A RIBBA client, Graig Bustillo, owner of True Quality Construction put the benefits this way:

“…my construction business creates jobs for young men and women, gives them the opportunity to work, to make money, to start a career … and with so much construction money and jobs out there right now, there’s no excuse for Black and Brown contractors and workers to be shut out.”

“With our supporters, RIBBA is looking forward to using the current focus on promoting racial justice to create greater access to capital and more equity in government procurement opportunities in the years and decades to come,” says Ranglin. To achieve long range goals, Ranglin and the Board of RIBBA are working with Rhode Island Commerce Corporation to develop solutions to support Black and Brown-owned businesses. Among the issues that require a solution is Contract Compliance.

Jhonny Leyva, President of the Rhode Island Black Contractors Association emphasized the need for enforcement, stating, “without enforcement, contract compliance policies, plans and strategies intended to include Black and Brown businesses are useless.”

“While working on long term solutions, businesses need help in the short-term, and they need that help immediately to ensure that businesses that have been closed due to COVID-19 can reopen and stay open,” added Ranglin.
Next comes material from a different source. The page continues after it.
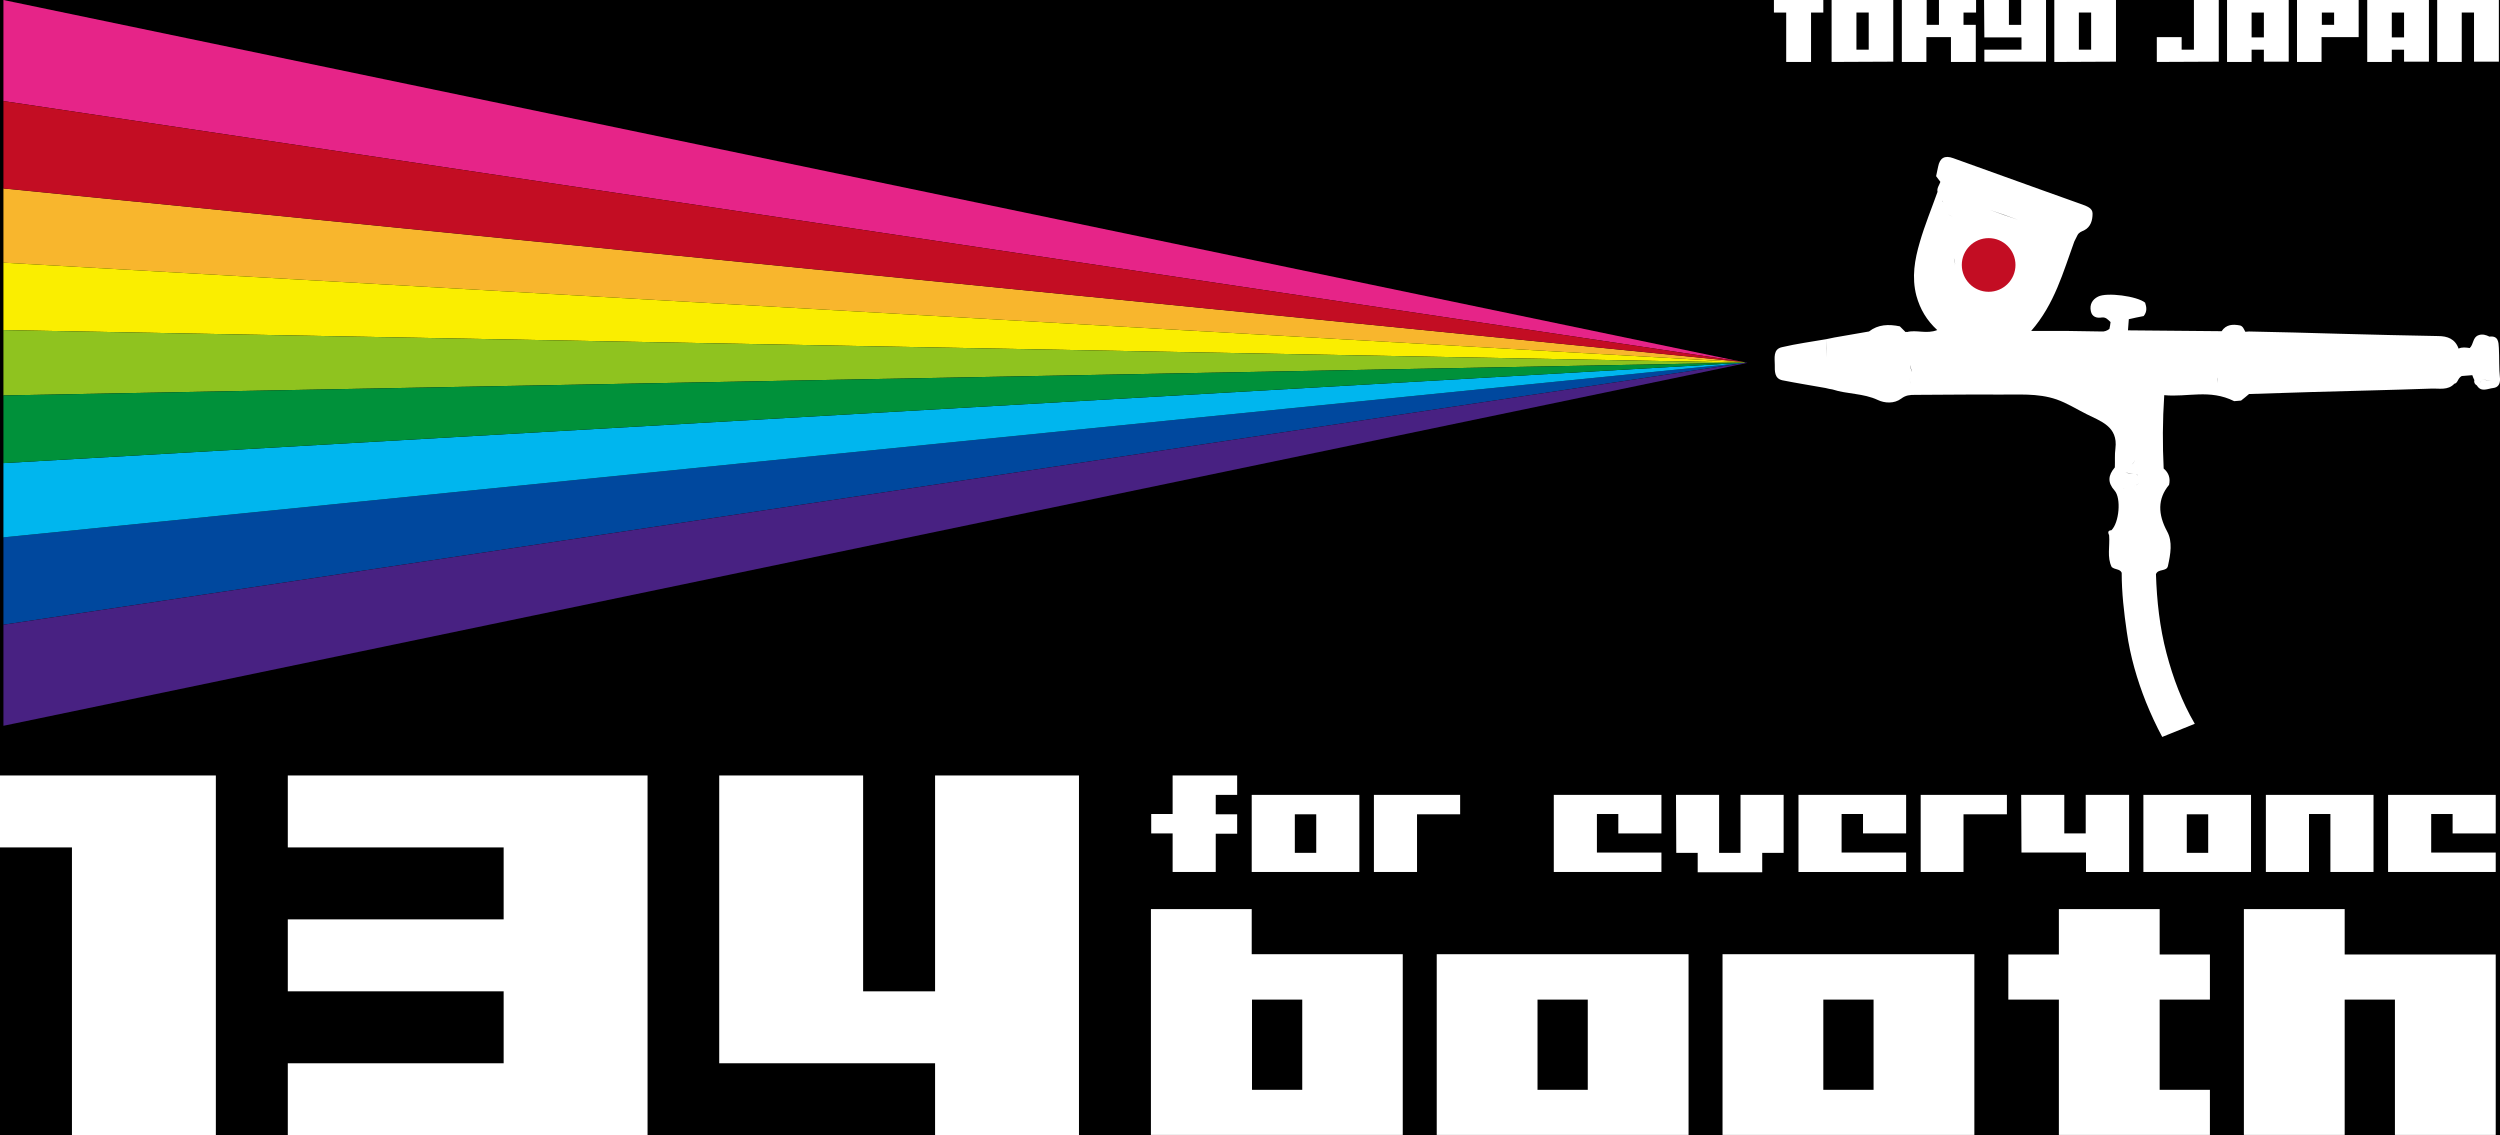 <svg xmlns="http://www.w3.org/2000/svg" xmlns:xlink="http://www.w3.org/1999/xlink" id="&#x30EC;&#x30A4;&#x30E4;&#x30FC;_1" x="0px" y="0px" viewBox="0 0 875.6 397.6" style="enable-background:new 0 0 875.6 397.6;" xml:space="preserve"><style type="text/css">	.st0{fill:#FFFFFF;}	.st1{fill:#00489E;}	.st2{fill:#482182;}	.st3{fill:#F8B62D;}	.st4{fill:#E62488;}	.st5{fill:#00B6EE;}	.st6{fill:#FAEE00;}	.st7{fill:#C30D23;}	.st8{fill:#8FC31F;}	.st9{fill:#00913A;}	.st10{fill:none;}</style><rect width="875.6" height="397.6"></rect><g>	<path class="st0" d="M875.2,121.8c-0.1-2-0.2-4.3-3.3-3.9c-1.2-0.6-2.5-1-3.8-0.5c-2.1,0.7-1.7,3.2-3.1,4.5  c-1.3-0.2-2.7-0.4-3.9,0.2c-1.2-3.4-3.9-4.4-7.2-4.4c-11.5-0.2-23-0.5-34.5-0.8c-10.6-0.3-21.1-0.6-31.7-0.8  c-0.4,0-0.9,0.1-1.3,0.1c-0.5-0.9-0.8-1.9-1.8-2.2c-2.6-0.5-4.9-0.4-6.5,2c-11-0.1-21.9-0.2-32.8-0.3c0.1-1.3,0.2-2.6,0.3-3.9  c1.8-0.4,3.5-0.8,5.2-1.1c1.3-1.6,1-3.2,0.5-4.7c-2.8-2.3-13.5-3.7-16.5-2.1c-2,1-3,2.8-2.5,5.1c0.4,2,2.1,2.5,3.8,2.2  c1.5-0.2,2.2,0.8,3.1,1.6c-0.1,0.8-0.2,1.6-0.4,2.4c-0.8,0.6-1.7,1-2.8,0.9c-4.1-0.1-8.3-0.1-12.5-0.2c-3.9,0-7.9,0-12.1,0  c8.2-9.4,11.2-20.6,15.1-31.3c-1.6-0.7-3.2-1.3-4.8-2s-3.2-1.3-4.9-1.9c1.6,0.6,3.3,1.2,4.9,1.9s3.2,1.3,4.8,2  c0.4-0.7,0.7-1.5,1.1-2.2c0.5-1,1.4-1.3,2.3-1.7c2.4-1.2,3-3.6,3-5.9c0-1.9-1.9-2.5-3.4-3.1c-4.6-1.7-9.1-3.2-13.7-4.9  c-10.6-3.8-21.1-7.6-31.7-11.4c-3-1.1-4.7-0.1-5.3,3c-0.2,1.1-0.5,2.2-0.7,3.3c0.5,0.7,1,1.3,1.5,2c-0.4,1.2-1.3,2.2-1,3.5  c-2.1,5.9-4.5,11.7-6.2,17.6c-1.8,6.1-2.9,12.3-1.2,18.8c1.3,4.7,3.6,8.6,7.3,12c-3.8,1.5-7.3-0.2-10.6,0.7  c0.3,0.2,0.6,0.5,0.8,0.7c-0.2-0.3-0.5-0.5-0.8-0.7c-0.1-0.1-0.3-0.1-0.5,0c-0.7-0.7-1.4-1.4-2-2c-3.9-0.8-7.6-0.7-10.8,1.8l0,0  c-4,0.7-8.1,1.4-12.1,2.1l0,0c-1,0.2-2,0.4-2.9,0.6c0,2.1,0.2,4.3,0.2,6.4c0,1.1,0.1,2.1,0.1,3.2c0-1.1-0.1-2.1-0.1-3.2  c-0.1-2.1-0.2-4.3-0.2-6.4c-5.2,0.9-10.4,1.6-15.5,2.8c-3.2,0.7-2.5,3.9-2.5,6.2c0,2.1-0.2,4.8,2.7,5.4c5,1,10.1,1.8,15.1,2.7  c0.8,0.2,1.6,0.4,2.4,0.5c5.2,1.7,10.8,1.3,15.9,3.7c2.3,1.1,5.7,1.4,8.2-0.5c1.6-1.2,3-1.3,4.8-1.3c9.7,0,19.4-0.2,29.1-0.1  c6.9,0.1,13.8-0.6,20.5,1.7c3.7,1.3,7,3.4,10.4,5.1c4.9,2.5,11.2,4.3,10.2,12.1c-0.3,2.2-0.1,4.4-0.2,6.6c-2.4,2.8-2.6,5.3-0.1,8.1  c2.4,2.7,1.6,11.3-1.1,13.9c-1.4,0.1-1.2,0.9-0.8,1.8c0.3,3.8-0.8,7.7,0.9,11.1c1.2,1,2.9,0.6,3.5,2c0,7,0.8,13.9,1.8,20.8  c1.2,8.5,3.6,16.7,6.7,24.5c1.7,4.2,3.6,8.3,5.7,12.2l11.4-4.6c-4.5-7.7-7.6-16-9.9-24.7c-2.4-9.1-3.4-18.4-3.7-27.7  c0.7-2,3.8-0.8,4.2-2.9c0.9-4.1,1.7-8.5-0.3-12.1c-3.2-5.9-3.4-11.4,0.7-16.3c0.5-2.3-0.1-4.2-1.9-5.7c-0.4-8.4-0.4-16.6,0.2-25.7  c8.1,0.8,15.9-2.2,24.5,2.1c0.1,0,1.3-0.1,2.4-0.2c1-0.8,1.9-1.5,2.8-2.3c7.4-0.2,14.7-0.5,22.1-0.7c13.9-0.4,27.8-0.7,41.8-1.2  c2.7-0.1,5.8,0.7,8-1.7c1.3-0.2,1.1-1.9,2.6-2.7c0.9-0.1,2.3-0.2,3.7-0.3c0.2,0.6,0.4,1.1,0.7,1.7c-0.2,0.9,0.2,1.5,0.9,1.9l0,0  l0,0l0,0c1.5,2.5,3.8,1.1,5.7,0.9c1.8-0.2,2.5-1.5,2.4-3.3C875.2,128.8,875.4,125.3,875.2,121.8z M642.4,120.1  c0.1,1.2,0.2,2.3,0.3,3.5C642.6,122.5,642.5,121.3,642.4,120.1z M653.2,120.8L653.2,120.8c0.4-1.7,0.8-3.3,1.2-5  C654,117.5,653.6,119.2,653.2,120.8z M669,132.4c0,0.2-0.1,0.5-0.1,0.7C668.9,132.8,669,132.6,669,132.4z M668.9,133.1  c0,0.4,0.1,0.9,0.4,1.3C669,134,668.9,133.6,668.9,133.1z M669.7,130.3c-0.4-0.8-0.6-1.6-0.7-2.5c0-0.3,0-0.6,0-0.8  c0,0.3,0,0.6,0,0.8C669.2,128.7,669.4,129.5,669.7,130.3L669.7,130.3z M674.5,126.8c0.2,0,0.4,0,0.5,0  C674.9,126.8,674.7,126.8,674.5,126.8z M673.4,119.7c-1.3,0.1-2.7,0.1-4,0.2C670.7,119.8,672.1,119.8,673.4,119.7  c0.7-0.8,1.5-1.3,2.4-1.4C674.9,118.4,674.1,118.9,673.4,119.7z M680.8,74.3c0.9,0.7,2.2,1,3.2,1.7c0.2,0.1,0.4,0.3,0.5,0.4  c-0.2-0.2-0.3-0.3-0.5-0.4C683.1,75.4,681.8,75,680.8,74.3L680.8,74.3z M682.3,78.6L682.3,78.6c-0.6-0.4-1.2-0.8-1.8-1.1  C681,77.8,681.6,78.2,682.3,78.6z M680.3,70.2c0.1,0.2,0.1,0.4,0.3,0.7l0,0C680.4,70.7,680.3,70.4,680.3,70.2  c-0.1-0.2-0.1-0.4-0.1-0.6C680.2,69.8,680.2,70,680.3,70.2z M679.7,71.2c-0.2,0.1-0.3,0.2-0.5,0.3  C679.4,71.4,679.6,71.3,679.7,71.2z M681,99.1c-0.5,0-0.9,0-1.4,0C680.1,99.1,680.6,99.1,681,99.1c0.9-0.6,1.7-1.4,2.3-2.3  c0.8-1.2,1.3-2.5,1.4-3.8c0.1-0.9-0.1-1.8-0.4-2.6c-0.1-0.3-0.3-0.5-0.5-0.7c-0.1-0.2-0.3-0.3-0.5-0.5s-0.4-0.3-0.6-0.4l0,0l0,0  c0-0.8,0-1.6,0-2.4c0,0.8,0,1.6,0,2.4c0.2,0.1,0.4,0.3,0.6,0.4c0.2,0.2,0.3,0.3,0.5,0.5s0.3,0.5,0.5,0.7c0.4,0.8,0.5,1.6,0.4,2.6  c-0.1,1.3-0.6,2.6-1.4,3.8C682.7,97.7,681.9,98.5,681,99.1z M685.3,79.2C685.3,79.2,685.2,79.2,685.3,79.2L685.3,79.2  C685.2,79.2,685.2,79.2,685.3,79.2C685.2,79.2,685.2,79.2,685.3,79.2L685.3,79.2L685.3,79.2z M696.9,73.5c-3.3-1.2-6.6-2.3-9.8-3.5  l0,0C690.3,71.2,693.6,72.4,696.9,73.5s6.6,2.3,9.9,3.5C703.5,75.9,700.2,74.7,696.9,73.5z M748.8,166.5c-0.2-0.1-0.4-0.2-0.6-0.3  C748.4,166.2,748.6,166.3,748.8,166.5z M742.4,169.2c0.2,0.1,0.3,0.2,0.5,0.2C742.7,169.3,742.5,169.3,742.4,169.2z M742.8,150.6  c0.1,4.1,0.2,8.1,0.3,12.2c1.2,0,2.4-0.1,3.5-0.1c0.7-0.6,1.1-1.2,1.3-2c-0.2,0.8-0.6,1.5-1.3,2l0,0c-1.2,0-2.4,0.1-3.5,0.1  C743,158.7,742.9,154.7,742.8,150.6z M747.2,165.9c-0.9-0.1-1.9-0.1-2.8-0.4l0,0C745.2,165.7,746.2,165.7,747.2,165.9z M744.2,171  c-0.2,0-0.4,0.1-0.7,0.1C743.7,171.1,743.9,171,744.2,171c1.1-0.1,2.3,0.1,3.2-0.7l0,0C746.5,171.1,745.3,170.9,744.2,171z   M749.2,169.2L749.2,169.2c-0.5,0.5-1.1,0.8-1.8,1.1l0,0C748,170,748.7,169.7,749.2,169.2L749.2,169.2c0.2-0.2,0.3-0.3,0.4-0.6  C749.5,168.9,749.3,169.1,749.2,169.2z M776.5,134.2c0.2-0.6,0.2-1.3,0.2-2C776.8,132.9,776.7,133.6,776.5,134.2z M780.1,121.8  L780.1,121.8c0.1-0.3,0.2-0.7,0.3-1C780.3,121.2,780.2,121.5,780.1,121.8z M868.8,134.1L868.8,134.1L868.8,134.1z M869.4,133  c-0.1,0.2-0.2,0.3-0.4,0.5c-0.1,0.2-0.1,0.3-0.2,0.5c0-0.2,0.1-0.3,0.2-0.5C869.1,133.4,869.3,133.2,869.4,133  c1.1,0.1,2.1,0.1,3.2,0.2C871.5,133.2,870.4,133.1,869.4,133z"></path>	<g>		<polygon class="st1" points="611.5,127 1.2,188.2 1.2,218.8 611.6,127   "></polygon>		<polygon class="st2" points="1.2,218.8 1.2,254.2 612,127.1 611.6,127   "></polygon>		<polygon class="st3" points="610.7,126.8 1.2,66 1.2,92 611,126.9   "></polygon>		<polygon class="st4" points="1.2,0 1.2,35.4 609.5,126.6   "></polygon>		<polygon class="st5" points="611.5,127 1.2,162.2 1.2,188.2   "></polygon>		<polygon class="st6" points="611,126.9 1.2,92 1.2,115.6 611.2,127   "></polygon>		<polygon class="st7" points="609.5,126.6 1.2,35.4 1.2,66 610.7,126.8   "></polygon>		<polygon class="st8" points="611.2,127 1.2,115.6 1.2,138.5 611.4,127   "></polygon>		<polygon class="st9" points="611.4,127 1.2,138.5 1.2,162.2 611.5,127   "></polygon>	</g>	<g>		<path class="st0" d="M433.3,278.4h-7.5v6.8h7.5v6.8h-7.5v13.4h-15.1v-13.5h-7.5v-6.8h7.5v-13.5h22.6V278.4z"></path>		<path class="st0" d="M438.4,305.4v-27h37.7v27H438.4z M461,298.7v-13.5h-7.5v13.5H461z"></path>		<path class="st0" d="M481.2,305.4v-27h30.2v6.8h-15.1v20.2H481.2z"></path>		<path class="st0" d="M581.9,305.4h-37.7v-27h37.7v13.5h-15.1v-6.8h-7.5v13.5h22.6V305.4z"></path>		<path class="st0" d="M587,278.4h15.1v20.3h7.5v-20.3h15.1v20.3h-7.5v6.8h-22.6v-6.8h-7.5L587,278.4L587,278.4z"></path>		<path class="st0" d="M667.6,305.4h-37.7v-27h37.7v13.5h-15.1v-6.8H645v13.5h22.6V305.4z"></path>		<path class="st0" d="M672.7,305.4v-27h30.2v6.8h-15.2v20.2H672.7z"></path>		<path class="st0" d="M707.9,278.4H723v13.5h7.5v-13.5h15.2v27h-15.1v-6.8H708L707.9,278.4L707.9,278.4z"></path>		<path class="st0" d="M750.7,305.4v-27h37.7v27H750.7z M773.4,298.7v-13.5h-7.5v13.5H773.4z"></path>		<path class="st0" d="M793.6,305.4v-27h37.7v27h-15.1v-20.3h-7.5v20.3H793.6z"></path>		<path class="st0" d="M874.1,305.4h-37.7v-27h37.7v13.5H859v-6.8h-7.5v13.5h22.6V305.4z"></path>	</g>	<g>		<path class="st0" d="M75.6,271.6v126H25.2V296.8H0v-25.2L75.6,271.6L75.6,271.6z"></path>		<path class="st0" d="M100.8,271.6h126v126h-126v-25.2h75.6v-25.2h-75.6V322h75.6v-25.2h-75.6L100.8,271.6L100.8,271.6z"></path>		<path class="st0" d="M302.3,271.6v75.6h25.2v-75.6h50.4v126h-50.4v-25.2h-75.6V271.6H302.3z"></path>	</g>	<g>		<path class="st0" d="M438.4,318.4h-35.3v79.1h88.2v-63.3h-52.9V318.4L438.4,318.4z M456.1,350.1v31.6h-17.6v-31.6H456.1z"></path>		<path class="st0" d="M503.2,397.5h88.2v-63.3h-88.2V397.5z M538.5,350.1h17.6v31.6h-17.6V350.1z"></path>		<path class="st0" d="M603.3,397.5h88.2v-63.3h-88.2V397.5z M638.6,350.1h17.6v31.6h-17.6V350.1z"></path>		<polygon class="st0" points="756.4,318.4 721.1,318.4 721.1,334.3 703.4,334.3 703.4,350.1 721.1,350.1 721.1,397.5 774,397.5    774,381.7 756.4,381.7 756.4,350.1 774,350.1 774,334.3 756.4,334.3   "></polygon>		<polygon class="st0" points="821.2,334.3 821.2,318.4 785.9,318.4 785.9,397.5 821.2,397.5 821.2,350.1 838.8,350.1 838.8,397.5    874.1,397.5 874.1,334.3   "></polygon>	</g>	<path class="st10" d="M684.6,93c0.1-0.9-0.1-1.8-0.4-2.6C684.6,91.2,684.7,92.1,684.6,93z"></path>	<path class="st10" d="M681,99.1c-0.5,0-0.9,0-1.4,0C680.1,99.1,680.6,99.1,681,99.1c0.9-0.6,1.7-1.4,2.3-2.3  C682.7,97.7,681.9,98.5,681,99.1z"></path>	<path class="st10" d="M680.5,70.9c-0.1-0.2-0.2-0.5-0.3-0.7C680.3,70.4,680.4,70.7,680.5,70.9L680.5,70.9z"></path>	<path class="st10" d="M682.7,88.8c0.2,0.1,0.4,0.3,0.6,0.4C683.1,89.1,682.9,89,682.7,88.8L682.7,88.8z"></path>	<path class="st10" d="M685.3,79.2L685.3,79.2L685.3,79.2C685.2,79.2,685.3,79.2,685.3,79.2z"></path>	<path class="st10" d="M653.2,120.8c0.4-1.7,0.8-3.3,1.2-5C654,117.5,653.6,119.2,653.2,120.8L653.2,120.8z"></path>	<path class="st10" d="M687.1,70c3.3,1.2,6.6,2.4,9.8,3.5C693.6,72.4,690.3,71.2,687.1,70L687.1,70z"></path>	<path class="st10" d="M682.3,78.6L682.3,78.6c-0.6-0.4-1.2-0.8-1.8-1.1C681,77.8,681.6,78.2,682.3,78.6z"></path>	<path class="st10" d="M669.7,130.3L669.7,130.3c-0.4-0.8-0.6-1.6-0.7-2.5C669.2,128.7,669.4,129.5,669.7,130.3z"></path>	<path class="st10" d="M673.4,119.7c-1.3,0.1-2.7,0.1-4,0.2C670.7,119.8,672.1,119.8,673.4,119.7c0.7-0.8,1.5-1.3,2.4-1.4  C674.9,118.4,674.1,118.9,673.4,119.7z"></path>	<path class="st10" d="M680.8,74.3L680.8,74.3c0.9,0.7,2.2,1,3.2,1.7C683.1,75.4,681.8,75,680.8,74.3z"></path>	<path class="st10" d="M747.4,170.4c0.7-0.3,1.3-0.6,1.8-1.1C748.7,169.7,748,170,747.4,170.4L747.4,170.4z"></path>	<path class="st10" d="M744.2,171c1.1-0.1,2.3,0.1,3.2-0.7l0,0C746.5,171.1,745.3,170.9,744.2,171z"></path>	<path class="st10" d="M749.6,168.7c-0.1,0.2-0.2,0.4-0.4,0.6C749.3,169.1,749.5,168.9,749.6,168.7z"></path>	<path class="st10" d="M868.9,134c0-0.2,0.1-0.3,0.2-0.5c0.1-0.2,0.3-0.3,0.4-0.5c-0.1,0.2-0.2,0.3-0.4,0.5  C869,133.7,868.9,133.8,868.9,134z"></path>	<path class="st10" d="M747.9,160.6c-0.2,0.8-0.6,1.5-1.3,2l0,0C747.3,162.1,747.7,161.4,747.9,160.6z"></path>	<path class="st10" d="M744.4,165.5c0.9,0.3,1.9,0.3,2.8,0.4C746.2,165.7,745.2,165.7,744.4,165.5L744.4,165.5z"></path>	<path class="st10" d="M780.1,121.8c0.1-0.3,0.2-0.7,0.3-1C780.3,121.2,780.2,121.5,780.1,121.8L780.1,121.8z"></path>	<path class="st0" d="M684.1,76c0.2,0.1,0.4,0.3,0.5,0.4C684.4,76.3,684.2,76.1,684.1,76z"></path>	<path class="st0" d="M683.3,96.8c0.8-1.2,1.3-2.5,1.4-3.8C684.6,94.3,684.1,95.6,683.3,96.8z"></path>	<path class="st0" d="M682.7,88.8L682.7,88.8c0-0.8,0-1.6,0-2.4C682.7,87.2,682.7,88,682.7,88.8z"></path>	<path class="st0" d="M776.8,132.3c0,0.7-0.1,1.3-0.2,2C776.7,133.6,776.8,132.9,776.8,132.3z"></path>	<path class="st0" d="M749.2,169.2L749.2,169.2L749.2,169.2z"></path>	<path class="st0" d="M685.2,79.2L685.2,79.2L685.2,79.2L685.2,79.2z"></path>	<g>		<g>			<path class="st0" d="M621.3,0h17.3v4.4h-4.3v17.3h-8.7V4.4h-4.3V0z"></path>			<path class="st0" d="M641.5,21.7V0h21.6v21.6L641.5,21.7L641.5,21.7z M650.2,17.4h4.3v-13h-4.3V17.4z"></path>			<path class="st0" d="M666.1,21.7V0h8.7v8.7h4.3V0h13v4.4h-4.4v4.3h4.3v13h-8.7V13h-8.6v8.7H666.1z"></path>			<path class="st0" d="M694.9,0h8.7v8.7h4.3V0h8.7v21.6H695v-4.2h13v-4.3h-13L694.9,0L694.9,0z"></path>			<path class="st0" d="M719.5,21.7V0h21.6v21.6L719.5,21.7L719.5,21.7z M728.1,17.4h4.3v-13h-4.3V17.4z"></path>			<path class="st0" d="M755.4,21.7V13h8.7v4.4h4.3V0h8.7v21.6L755.4,21.7L755.4,21.7z"></path>			<path class="st0" d="M780,21.7V0h21.6v21.6h-8.7v-4.2h-4.3v4.3H780z M788.6,4.4v8.7h4.3V4.4H788.6z"></path>			<path class="st0" d="M804.5,21.7V0h21.6v13h-13v8.7H804.5z M813.2,8.7h4.3V4.4h-4.3V8.7z"></path>			<path class="st0" d="M829.1,21.7V0h21.6v21.6H842v-4.2h-4.3v4.3H829.1z M837.7,4.4v8.7h4.3V4.4H837.7z"></path>			<path class="st0" d="M853.6,21.7V0h21.6v21.6h-8.7V4.4h-4.3v17.3C862.2,21.7,853.6,21.7,853.6,21.7z"></path>		</g>	</g>	<circle class="st7" cx="696.5" cy="92.8" r="9.4"></circle></g></svg>

Important on both a short and long term basis, John Cruz, President, the Center for the Advancement of Minority Participation in the Construction Industry advocates, “putting in place a system to ensure prompt payment from city and state agencies to small contractors.” RIBBA and their supporters have identified a number of solutions to the current crisis facing Rhode Island businesses owned by People of Color. Those solutions will be shared at our press event.

They include:

  • Rescind the MBE waiver – currently Prime Contractors are telling Black and Brown contractors that they no longer need to include Minority Business Enterprises (MBEs);
  • Increase the government procurement participation goal for Black and Latino contractors to reflect the increased minority population in Rhode Island;
  • Issue an Executive Order to establish preference in state contracts where Black and Brown people are the predominant group to be served or when contracts are cited within a neighborhood where the population is 20% or more minority;
  • Pledge at least 20% of funding to economic development in Black and Brown communities;
  • Work with organizations led by Black and Latino leaders;
  • Increase loan funds available through Black and Latino organizations;
  • Establish a Contract Compliance office outside of government to monitor and enforce compliance to MBE commitments. The office to conduct compliance will check on awarded contracts to ensure contractors use MBE firms at all levels as committed to the bid and the contract. Included in responsibilities, the Contract Compliance office will investigate complaints of non-compliance and develop corrective action plans as needed;
  • Establish a clear line of authority to the office of the Attorney General or other legal entity to ensure enforcement;
  • Implement a Pay Audit System to be used by Prime Vendors and their Subcontractors to independently report payments from Prime Vendors to the Subcontractors on state contracts; and,
  • Implement Executive Order 13-05 signed by former Governor Lincoln Chafee, to promote greater minority representation in the state workforce to better reflect Rhode Island’s changing demographics.

“As many entities close out their fiscal year and the third quarter of 2020 gets underway, we want to call attention to the urgent fact that we need to act now to ensure that Black and Brown owned businesses withstand the economic downturn brought on by COVID-19 and survive to see 2021,” said Ranglin.